ABOUT THIS EXERCISE: Within the entries below, find every line that has the string "grey", then copy it.

INPUT FOR THIS TASK:
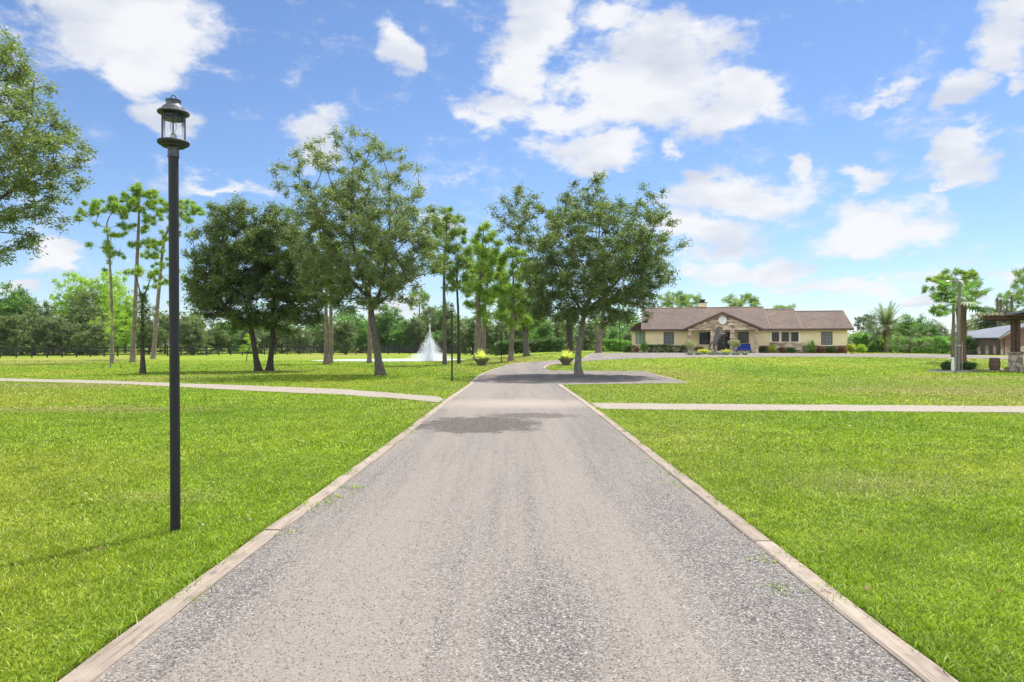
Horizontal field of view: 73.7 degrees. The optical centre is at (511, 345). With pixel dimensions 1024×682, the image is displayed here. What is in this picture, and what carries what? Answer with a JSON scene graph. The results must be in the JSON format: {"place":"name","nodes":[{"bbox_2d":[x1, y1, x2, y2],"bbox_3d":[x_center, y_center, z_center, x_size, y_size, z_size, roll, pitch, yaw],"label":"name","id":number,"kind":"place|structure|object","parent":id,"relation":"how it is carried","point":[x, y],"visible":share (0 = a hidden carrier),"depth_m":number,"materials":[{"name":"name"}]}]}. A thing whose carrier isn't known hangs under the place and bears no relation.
{"place":"outdoors","nodes":[
{"label":"outdoors","id":0,"kind":"place"},
{"bbox_2d":[0,378,444,401],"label":"path","id":1,"kind":"structure","parent":0,"point":[329,391],"depth_m":24.94,"materials":[{"name":"beige concrete"}]},
{"bbox_2d":[312,359,462,360],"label":"pond water","id":2,"kind":"structure","parent":0,"point":[373,360],"depth_m":78.33,"materials":[{"name":"grey liquid"}]},
{"bbox_2d":[400,325,453,360],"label":"fountain","id":3,"kind":"object","parent":2,"relation":"on","point":[429,355],"visible":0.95,"depth_m":70.71,"materials":[{"name":"liquid"}]},
{"bbox_2d":[0,345,1023,681],"bbox_3d":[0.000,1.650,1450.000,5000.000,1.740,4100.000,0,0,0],"label":"lawn ground","id":4,"kind":"structure","parent":0,"point":[278,357],"depth_m":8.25,"materials":[{"name":"green plant"}]},
{"bbox_2d":[0,314,33,354],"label":"broadleaf tree","id":5,"kind":"object","parent":4,"relation":"on","point":[8,333],"visible":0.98,"depth_m":99.16,"materials":[{"name":"green plant"}]},
{"bbox_2d":[0,280,36,354],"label":"broadleaf tree","id":6,"kind":"object","parent":4,"relation":"on","point":[12,305],"visible":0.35,"depth_m":112.17,"materials":[{"name":"green plant"}]},
{"bbox_2d":[15,302,59,354],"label":"broadleaf tree","id":7,"kind":"object","parent":4,"relation":"on","point":[28,309],"visible":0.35,"depth_m":107.06,"materials":[{"name":"green plant"}]},
{"bbox_2d":[0,26,97,266],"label":"oak tree","id":8,"kind":"object","parent":4,"relation":"on","point":[17,146],"visible":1,"depth_m":16.28,"materials":[{"name":"green plant"}]},
{"bbox_2d":[36,299,62,352],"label":"broadleaf tree","id":9,"kind":"object","parent":4,"relation":"on","point":[48,313],"visible":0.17,"depth_m":119.56,"materials":[{"name":"green plant"}]},
{"bbox_2d":[26,314,83,355],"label":"broadleaf tree","id":10,"kind":"object","parent":4,"relation":"on","point":[59,337],"visible":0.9,"depth_m":105.28,"materials":[{"name":"green plant"}]},
{"bbox_2d":[49,269,106,350],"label":"broadleaf tree","id":11,"kind":"object","parent":4,"relation":"on","point":[82,280],"visible":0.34,"depth_m":149.35,"materials":[{"name":"green plant"}]},
{"bbox_2d":[50,287,109,353],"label":"broadleaf tree","id":12,"kind":"object","parent":4,"relation":"on","point":[83,311],"visible":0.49,"depth_m":111.55,"materials":[{"name":"green plant"}]},
{"bbox_2d":[0,346,167,357],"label":"paddock fence","id":13,"kind":"object","parent":4,"relation":"on","point":[62,351],"visible":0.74,"depth_m":91.54,"materials":[{"name":"black wood"}]},
{"bbox_2d":[70,322,118,355],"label":"broadleaf tree","id":14,"kind":"object","parent":4,"relation":"on","point":[85,336],"visible":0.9,"depth_m":103.06,"materials":[{"name":"green plant"}]},
{"bbox_2d":[72,193,128,362],"bbox_3d":[-36.424,-5.829,60.475,4.852,15.142,3.786,0,0,33],"label":"pine tree","id":15,"kind":"object","parent":4,"relation":"on","point":[112,205],"visible":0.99,"depth_m":60.32,"materials":[{"name":"green plant"}]},
{"bbox_2d":[74,268,132,351],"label":"broadleaf tree","id":16,"kind":"object","parent":4,"relation":"on","point":[100,286],"visible":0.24,"depth_m":149.35,"materials":[{"name":"green plant"}]},
{"bbox_2d":[89,311,128,367],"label":"young tree","id":17,"kind":"object","parent":4,"relation":"on","point":[108,329],"visible":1,"depth_m":47.77,"materials":[{"name":"green plant"}]},
{"bbox_2d":[100,287,147,352],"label":"broadleaf tree","id":18,"kind":"object","parent":4,"relation":"on","point":[125,307],"visible":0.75,"depth_m":136.87,"materials":[{"name":"green plant"}]},
{"bbox_2d":[114,181,167,362],"bbox_3d":[-33.500,-6.665,62.584,4.704,16.820,3.772,0,0,0],"label":"pine tree","id":19,"kind":"object","parent":4,"relation":"on","point":[134,200],"visible":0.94,"depth_m":62.30,"materials":[{"name":"green plant"}]},
{"bbox_2d":[122,264,161,373],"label":"pine tree","id":20,"kind":"object","parent":4,"relation":"on","point":[143,334],"visible":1,"depth_m":37.81,"materials":[{"name":"green plant"}]},
{"bbox_2d":[130,319,168,354],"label":"broadleaf tree","id":21,"kind":"object","parent":4,"relation":"on","point":[150,329],"visible":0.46,"depth_m":115.69,"materials":[{"name":"green plant"}]},
{"bbox_2d":[151,312,168,352],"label":"broadleaf tree","id":22,"kind":"object","parent":4,"relation":"on","point":[163,321],"visible":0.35,"depth_m":124.34,"materials":[{"name":"green plant"}]},
{"bbox_2d":[58,530,279,681],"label":"timber board","id":23,"kind":"object","parent":4,"relation":"on","point":[99,663],"visible":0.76,"depth_m":3.94,"materials":[{"name":"beige wood"}]},
{"bbox_2d":[139,198,206,358],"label":"pine tree","id":24,"kind":"object","parent":4,"relation":"on","point":[195,209],"visible":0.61,"depth_m":78.38,"materials":[{"name":"green plant"}]},
{"bbox_2d":[157,95,189,532],"bbox_3d":[-2.899,-0.220,5.845,0.257,3.841,0.257,0,0,-20],"label":"lamp post","id":25,"kind":"object","parent":4,"relation":"on","point":[172,110],"visible":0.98,"depth_m":5.81,"materials":[{"name":"metal"}]},
{"bbox_2d":[166,315,216,354],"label":"broadleaf tree","id":26,"kind":"object","parent":4,"relation":"on","point":[190,332],"visible":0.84,"depth_m":110.71,"materials":[{"name":"green plant"}]},
{"bbox_2d":[200,321,233,352],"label":"broadleaf tree","id":27,"kind":"object","parent":4,"relation":"on","point":[221,336],"visible":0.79,"depth_m":124.18,"materials":[{"name":"green plant"}]},
{"bbox_2d":[167,346,274,355],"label":"paddock fence","id":28,"kind":"object","parent":4,"relation":"on","point":[218,350],"visible":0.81,"depth_m":106.04,"materials":[{"name":"black wood"}]},
{"bbox_2d":[211,321,242,352],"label":"broadleaf tree","id":29,"kind":"object","parent":4,"relation":"on","point":[233,336],"visible":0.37,"depth_m":129.46,"materials":[{"name":"green plant"}]},
{"bbox_2d":[179,191,278,370],"bbox_3d":[-17.100,-3.733,41.576,6.374,11.044,5.696,0,0,0],"label":"oak tree","id":30,"kind":"object","parent":4,"relation":"on","point":[224,278],"visible":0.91,"depth_m":40.45,"materials":[{"name":"green plant"}]},
{"bbox_2d":[234,327,269,353],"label":"broadleaf tree","id":31,"kind":"object","parent":4,"relation":"on","point":[241,341],"visible":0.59,"depth_m":127.19,"materials":[{"name":"green plant"}]},
{"bbox_2d":[261,322,295,353],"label":"broadleaf tree","id":32,"kind":"object","parent":4,"relation":"on","point":[281,339],"visible":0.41,"depth_m":128.73,"materials":[{"name":"green plant"}]},
{"bbox_2d":[241,200,337,370],"bbox_3d":[-13.587,-3.596,42.086,6.176,10.772,5.600,0,0,0],"label":"oak tree","id":33,"kind":"object","parent":4,"relation":"on","point":[278,288],"visible":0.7,"depth_m":41.12,"materials":[{"name":"green plant"}]},
{"bbox_2d":[283,326,313,353],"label":"broadleaf tree","id":34,"kind":"object","parent":4,"relation":"on","point":[304,341],"visible":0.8,"depth_m":127.14,"materials":[{"name":"green plant"}]},
{"bbox_2d":[305,317,341,350],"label":"broadleaf tree","id":35,"kind":"object","parent":4,"relation":"on","point":[319,337],"visible":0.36,"depth_m":138.75,"materials":[{"name":"green plant"}]},
{"bbox_2d":[315,233,338,363],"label":"pine tree","id":36,"kind":"object","parent":4,"relation":"on","point":[325,360],"visible":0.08,"depth_m":57.62,"materials":[{"name":"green plant"}]},
{"bbox_2d":[263,445,392,531],"bbox_3d":[-1.988,1.622,8.249,0.158,0.116,4.880,0,0,1],"label":"curb","id":37,"kind":"object","parent":4,"relation":"on","point":[289,518],"visible":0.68,"depth_m":7.20,"materials":[{"name":"beige concrete"}]},
{"bbox_2d":[323,239,342,362],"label":"pine tree","id":38,"kind":"object","parent":4,"relation":"on","point":[330,356],"visible":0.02,"depth_m":59.39,"materials":[{"name":"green plant"}]},
{"bbox_2d":[333,319,358,354],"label":"broadleaf tree","id":39,"kind":"object","parent":4,"relation":"on","point":[347,337],"visible":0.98,"depth_m":117.02,"materials":[{"name":"green plant"}]},
{"bbox_2d":[266,122,452,374],"bbox_3d":[-8.014,-4.887,36.291,9.777,13.364,8.227,0,0,0],"label":"oak tree","id":40,"kind":"object","parent":4,"relation":"on","point":[392,283],"visible":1,"depth_m":35.20,"materials":[{"name":"green plant"}]},
{"bbox_2d":[350,313,372,349],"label":"broadleaf tree","id":41,"kind":"object","parent":4,"relation":"on","point":[361,338],"visible":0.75,"depth_m":133.35,"materials":[{"name":"green plant"}]},
{"bbox_2d":[352,240,384,362],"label":"pine tree","id":42,"kind":"object","parent":4,"relation":"on","point":[369,356],"visible":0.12,"depth_m":60.65,"materials":[{"name":"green plant"}]},
{"bbox_2d":[275,345,470,354],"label":"paddock fence","id":43,"kind":"object","parent":4,"relation":"on","point":[355,351],"visible":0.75,"depth_m":118.78,"materials":[{"name":"wood"}]},
{"bbox_2d":[367,303,400,350],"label":"broadleaf tree","id":44,"kind":"object","parent":4,"relation":"on","point":[382,325],"visible":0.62,"depth_m":138.99,"materials":[{"name":"green plant"}]},
{"bbox_2d":[381,306,405,349],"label":"broadleaf tree","id":45,"kind":"object","parent":4,"relation":"on","point":[397,322],"visible":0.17,"depth_m":146.02,"materials":[{"name":"green plant"}]},
{"bbox_2d":[388,319,419,351],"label":"broadleaf tree","id":46,"kind":"object","parent":4,"relation":"on","point":[400,331],"visible":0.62,"depth_m":136.45,"materials":[{"name":"green plant"}]},
{"bbox_2d":[385,414,431,445],"bbox_3d":[-1.915,1.622,13.148,0.159,0.116,4.880,0,0,0],"label":"timber board","id":47,"kind":"object","parent":4,"relation":"on","point":[401,436],"visible":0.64,"depth_m":12.55,"materials":[{"name":"beige wood"}]},
{"bbox_2d":[397,316,427,351],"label":"broadleaf tree","id":48,"kind":"object","parent":4,"relation":"on","point":[421,336],"visible":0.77,"depth_m":136.57,"materials":[{"name":"green plant"}]},
{"bbox_2d":[188,301,640,350],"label":"wood","id":49,"kind":"object","parent":4,"relation":"on","point":[347,317],"visible":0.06,"depth_m":171.61,"materials":[{"name":"green plant"}]},
{"bbox_2d":[407,287,431,316],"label":"tree","id":50,"kind":"object","parent":4,"relation":"on","point":[425,296],"visible":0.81,"depth_m":164.16,"materials":[{"name":"green plant"}]},
{"bbox_2d":[420,305,441,350],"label":"broadleaf tree","id":51,"kind":"object","parent":4,"relation":"on","point":[431,312],"visible":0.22,"depth_m":148.56,"materials":[{"name":"green plant"}]},
{"bbox_2d":[421,204,468,363],"bbox_3d":[-5.560,-4.809,55.045,4.292,13.025,3.817,0,0,0],"label":"pine tree","id":52,"kind":"object","parent":4,"relation":"on","point":[454,248],"visible":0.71,"depth_m":54.88,"materials":[{"name":"green plant"}]},
{"bbox_2d":[425,308,465,351],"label":"broadleaf tree","id":53,"kind":"object","parent":4,"relation":"on","point":[435,327],"visible":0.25,"depth_m":137.22,"materials":[{"name":"green plant"}]},
{"bbox_2d":[434,300,463,350],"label":"broadleaf tree","id":54,"kind":"object","parent":4,"relation":"on","point":[438,313],"visible":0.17,"depth_m":138.16,"materials":[{"name":"green plant"}]},
{"bbox_2d":[449,303,454,380],"bbox_3d":[-2.639,-0.093,29.942,0.239,3.572,0.239,0,0,40],"label":"lamp post","id":55,"kind":"object","parent":4,"relation":"on","point":[451,305],"visible":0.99,"depth_m":29.92,"materials":[{"name":"black metal"}]},
{"bbox_2d":[436,319,471,353],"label":"broadleaf tree","id":56,"kind":"object","parent":4,"relation":"on","point":[448,335],"visible":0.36,"depth_m":128.96,"materials":[{"name":"green plant"}]},
{"bbox_2d":[441,244,478,363],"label":"pine tree","id":57,"kind":"object","parent":4,"relation":"on","point":[465,277],"visible":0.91,"depth_m":55.08,"materials":[{"name":"green plant"}]},
{"bbox_2d":[453,314,490,354],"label":"broadleaf tree","id":58,"kind":"object","parent":4,"relation":"on","point":[466,338],"visible":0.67,"depth_m":110.92,"materials":[{"name":"green plant"}]},
{"bbox_2d":[460,251,485,352],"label":"pine tree","id":59,"kind":"object","parent":4,"relation":"on","point":[480,344],"visible":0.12,"depth_m":70.32,"materials":[{"name":"green plant"}]},
{"bbox_2d":[473,349,489,365],"bbox_3d":[-2.149,0.823,49.412,1.800,1.361,1.603,0,0,0],"label":"planter bowl","id":60,"kind":"object","parent":4,"relation":"on","point":[481,359],"visible":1,"depth_m":49.20,"materials":[{"name":"stone"}]},
{"bbox_2d":[460,218,511,359],"bbox_3d":[-2.641,-5.291,64.954,4.512,13.732,4.363,0,0,-36],"label":"pine tree","id":61,"kind":"object","parent":4,"relation":"on","point":[483,267],"visible":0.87,"depth_m":64.57,"materials":[{"name":"green plant"}]},
{"bbox_2d":[473,319,517,354],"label":"broadleaf tree","id":62,"kind":"object","parent":4,"relation":"on","point":[493,332],"visible":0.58,"depth_m":99.70,"materials":[{"name":"green plant"}]},
{"bbox_2d":[481,247,511,356],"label":"pine tree","id":63,"kind":"object","parent":4,"relation":"on","point":[489,316],"visible":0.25,"depth_m":72.38,"materials":[{"name":"green plant"}]},
{"bbox_2d":[494,339,509,355],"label":"hedge","id":64,"kind":"object","parent":4,"relation":"on","point":[505,347],"visible":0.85,"depth_m":83.43,"materials":[{"name":"green plant"}]},
{"bbox_2d":[490,245,533,360],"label":"pine tree","id":65,"kind":"object","parent":4,"relation":"on","point":[507,291],"visible":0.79,"depth_m":54.85,"materials":[{"name":"green plant"}]},
{"bbox_2d":[4,387,1021,636],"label":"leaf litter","id":66,"kind":"object","parent":4,"relation":"on","point":[648,399],"visible":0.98,"depth_m":7.41,"materials":[{"name":"brown plant"}]},
{"bbox_2d":[495,309,531,350],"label":"broadleaf tree","id":67,"kind":"object","parent":4,"relation":"on","point":[518,334],"visible":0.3,"depth_m":103.89,"materials":[{"name":"green plant"}]},
{"bbox_2d":[507,273,546,355],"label":"pine tree","id":68,"kind":"object","parent":4,"relation":"on","point":[525,343],"visible":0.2,"depth_m":63.65,"materials":[{"name":"green wood"}]},
{"bbox_2d":[514,336,566,353],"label":"hedge","id":69,"kind":"object","parent":4,"relation":"on","point":[542,344],"visible":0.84,"depth_m":83.17,"materials":[{"name":"green plant"}]},
{"bbox_2d":[530,318,557,348],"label":"broadleaf tree","id":70,"kind":"object","parent":4,"relation":"on","point":[545,328],"visible":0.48,"depth_m":87.56,"materials":[{"name":"green plant"}]},
{"bbox_2d":[541,312,575,350],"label":"broadleaf tree","id":71,"kind":"object","parent":4,"relation":"on","point":[556,333],"visible":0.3,"depth_m":113.63,"materials":[{"name":"green plant"}]},
{"bbox_2d":[558,315,579,352],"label":"dark tree","id":72,"kind":"object","parent":4,"relation":"on","point":[569,329],"visible":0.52,"depth_m":70.87,"materials":[{"name":"green plant"}]},
{"bbox_2d":[573,320,598,350],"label":"broadleaf tree","id":73,"kind":"object","parent":4,"relation":"on","point":[589,337],"visible":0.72,"depth_m":109.21,"materials":[{"name":"green plant"}]},
{"bbox_2d":[484,169,692,375],"bbox_3d":[3.977,-3.590,35.541,9.982,10.752,9.695,0,0,-31],"label":"oak tree","id":74,"kind":"object","parent":4,"relation":"on","point":[646,262],"visible":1,"depth_m":33.97,"materials":[{"name":"green plant"}]},
{"bbox_2d":[589,273,614,352],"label":"pine tree","id":75,"kind":"object","parent":4,"relation":"on","point":[598,348],"visible":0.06,"depth_m":70.92,"materials":[{"name":"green plant"}]},
{"bbox_2d":[602,337,631,351],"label":"hedge","id":76,"kind":"object","parent":4,"relation":"on","point":[615,343],"visible":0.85,"depth_m":82.66,"materials":[{"name":"green plant"}]},
{"bbox_2d":[599,414,646,448],"bbox_3d":[2.035,1.622,12.950,0.157,0.115,4.960,0,0,0],"label":"timber board","id":77,"kind":"object","parent":4,"relation":"on","point":[631,438],"visible":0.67,"depth_m":12.27,"materials":[{"name":"beige wood"}]},
{"bbox_2d":[647,343,687,352],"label":"hedge","id":78,"kind":"object","parent":4,"relation":"on","point":[682,349],"visible":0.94,"depth_m":71.62,"materials":[{"name":"green plant"}]},
{"bbox_2d":[657,290,690,307],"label":"tree","id":79,"kind":"object","parent":4,"relation":"on","point":[668,297],"visible":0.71,"depth_m":117.48,"materials":[{"name":"green plant"}]},
{"bbox_2d":[674,292,701,306],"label":"tree","id":80,"kind":"object","parent":4,"relation":"on","point":[696,298],"visible":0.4,"depth_m":123.60,"materials":[{"name":"green plant"}]},
{"bbox_2d":[640,447,770,542],"bbox_3d":[2.023,1.622,7.970,0.159,0.116,4.960,0,0,0],"label":"timber board","id":81,"kind":"object","parent":4,"relation":"on","point":[749,531],"visible":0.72,"depth_m":6.84,"materials":[{"name":"beige wood"}]},
{"bbox_2d":[709,326,727,353],"bbox_3d":[18.572,-0.436,61.511,1.649,2.734,1.185,0,0,22],"label":"horse statue","id":82,"kind":"object","parent":4,"relation":"on","point":[717,336],"visible":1,"depth_m":61.40,"materials":[{"name":"grey stone"}]},
{"bbox_2d":[629,299,853,352],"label":"house","id":83,"kind":"structure","parent":4,"relation":"on","point":[756,327],"depth_m":71.26,"materials":[{"name":"paint"}]},
{"bbox_2d":[820,332,832,345],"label":"window","id":84,"kind":"structure","parent":83,"relation":"in","point":[826,337],"depth_m":69.22,"materials":[{"name":"grey glass"}]},
{"bbox_2d":[721,292,761,306],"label":"tree","id":85,"kind":"object","parent":4,"relation":"on","point":[751,299],"visible":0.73,"depth_m":118.88,"materials":[{"name":"green plant"}]},
{"bbox_2d":[614,317,973,349],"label":"wood","id":86,"kind":"object","parent":4,"relation":"on","point":[872,333],"visible":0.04,"depth_m":191.14,"materials":[{"name":"green plant"}]},
{"bbox_2d":[755,541,958,681],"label":"timber board","id":87,"kind":"object","parent":4,"relation":"on","point":[922,667],"visible":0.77,"depth_m":3.86,"materials":[{"name":"beige wood"}]},
{"bbox_2d":[849,331,894,352],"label":"hedge","id":88,"kind":"object","parent":4,"relation":"on","point":[860,338],"visible":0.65,"depth_m":83.21,"materials":[{"name":"green plant"}]},
{"bbox_2d":[858,300,911,352],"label":"date palm","id":89,"kind":"object","parent":4,"relation":"on","point":[885,320],"visible":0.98,"depth_m":77.74,"materials":[{"name":"green plant"}]},
{"bbox_2d":[884,325,934,352],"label":"bush","id":90,"kind":"object","parent":4,"relation":"on","point":[910,341],"visible":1,"depth_m":65.93,"materials":[{"name":"green plant"}]},
{"bbox_2d":[891,313,929,343],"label":"bamboo clump","id":91,"kind":"object","parent":4,"relation":"on","point":[907,319],"visible":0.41,"depth_m":91.38,"materials":[{"name":"green plant"}]},
{"bbox_2d":[890,334,956,353],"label":"hedge","id":92,"kind":"object","parent":4,"relation":"on","point":[944,343],"visible":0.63,"depth_m":85.64,"materials":[{"name":"green plant"}]},
{"bbox_2d":[912,313,939,350],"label":"bamboo clump","id":93,"kind":"object","parent":4,"relation":"on","point":[932,327],"visible":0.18,"depth_m":92.50,"materials":[{"name":"green plant"}]},
{"bbox_2d":[920,267,988,361],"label":"pine tree","id":94,"kind":"object","parent":4,"relation":"on","point":[945,273],"visible":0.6,"depth_m":49.88,"materials":[{"name":"green plant"}]},
{"bbox_2d":[927,369,983,372],"bbox_3d":[26.547,1.518,40.713,2.748,0.096,5.538,0,0,43],"label":"mulch bed","id":95,"kind":"object","parent":4,"relation":"on","point":[975,370],"visible":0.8,"depth_m":41.02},
{"bbox_2d":[945,280,961,370],"bbox_3d":[26.244,-1.105,40.586,1.354,5.514,0.318,0,0,-24],"label":"utility pole","id":96,"kind":"object","parent":95,"relation":"on","point":[957,356],"visible":0.92,"depth_m":40.78,"materials":[{"name":"metal"}]},
{"bbox_2d":[930,275,995,362],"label":"pine tree","id":97,"kind":"object","parent":4,"relation":"on","point":[946,294],"visible":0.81,"depth_m":42.49,"materials":[{"name":"green plant"}]},
{"bbox_2d":[966,335,978,354],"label":"hedge","id":98,"kind":"object","parent":4,"relation":"on","point":[969,340],"visible":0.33,"depth_m":87.18,"materials":[{"name":"green plant"}]},
{"bbox_2d":[967,323,1023,354],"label":"stable","id":99,"kind":"structure","parent":4,"relation":"on","point":[994,341],"depth_m":87.03,"materials":[{"name":"brick"}]},
{"bbox_2d":[967,305,1023,330],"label":"broadleaf tree","id":100,"kind":"object","parent":4,"relation":"on","point":[983,324],"visible":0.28,"depth_m":118.09,"materials":[{"name":"green plant"}]},
{"bbox_2d":[975,310,1023,371],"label":"log pavilion","id":101,"kind":"structure","parent":4,"relation":"on","point":[1015,353],"depth_m":40.66,"materials":[{"name":"wood"}]},
{"bbox_2d":[994,288,1023,309],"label":"tree","id":102,"kind":"object","parent":4,"relation":"on","point":[1017,297],"visible":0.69,"depth_m":124.76,"materials":[{"name":"green plant"}]},
{"bbox_2d":[1009,266,1023,295],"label":"tree","id":103,"kind":"object","parent":4,"relation":"on","point":[1019,272],"visible":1,"depth_m":110.66,"materials":[{"name":"green plant"}]},
{"bbox_2d":[0,0,1023,344],"label":"sky","id":104,"kind":"structure","parent":0,"point":[812,155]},
{"bbox_2d":[92,353,1023,681],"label":"driveway","id":105,"kind":"structure","parent":0,"point":[498,399],"depth_m":4.59,"materials":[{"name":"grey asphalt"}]},
{"bbox_2d":[591,403,1023,411],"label":"path","id":106,"kind":"structure","parent":0,"point":[922,408],"depth_m":17.35,"materials":[{"name":"beige concrete"}]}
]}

FINISHED EXERCISE:
{"bbox_2d":[312,359,462,360],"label":"pond water","id":2,"kind":"structure","parent":0,"point":[373,360],"depth_m":78.33,"materials":[{"name":"grey liquid"}]},
{"bbox_2d":[709,326,727,353],"bbox_3d":[18.572,-0.436,61.511,1.649,2.734,1.185,0,0,22],"label":"horse statue","id":82,"kind":"object","parent":4,"relation":"on","point":[717,336],"visible":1,"depth_m":61.40,"materials":[{"name":"grey stone"}]},
{"bbox_2d":[820,332,832,345],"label":"window","id":84,"kind":"structure","parent":83,"relation":"in","point":[826,337],"depth_m":69.22,"materials":[{"name":"grey glass"}]},
{"bbox_2d":[92,353,1023,681],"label":"driveway","id":105,"kind":"structure","parent":0,"point":[498,399],"depth_m":4.59,"materials":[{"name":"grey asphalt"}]},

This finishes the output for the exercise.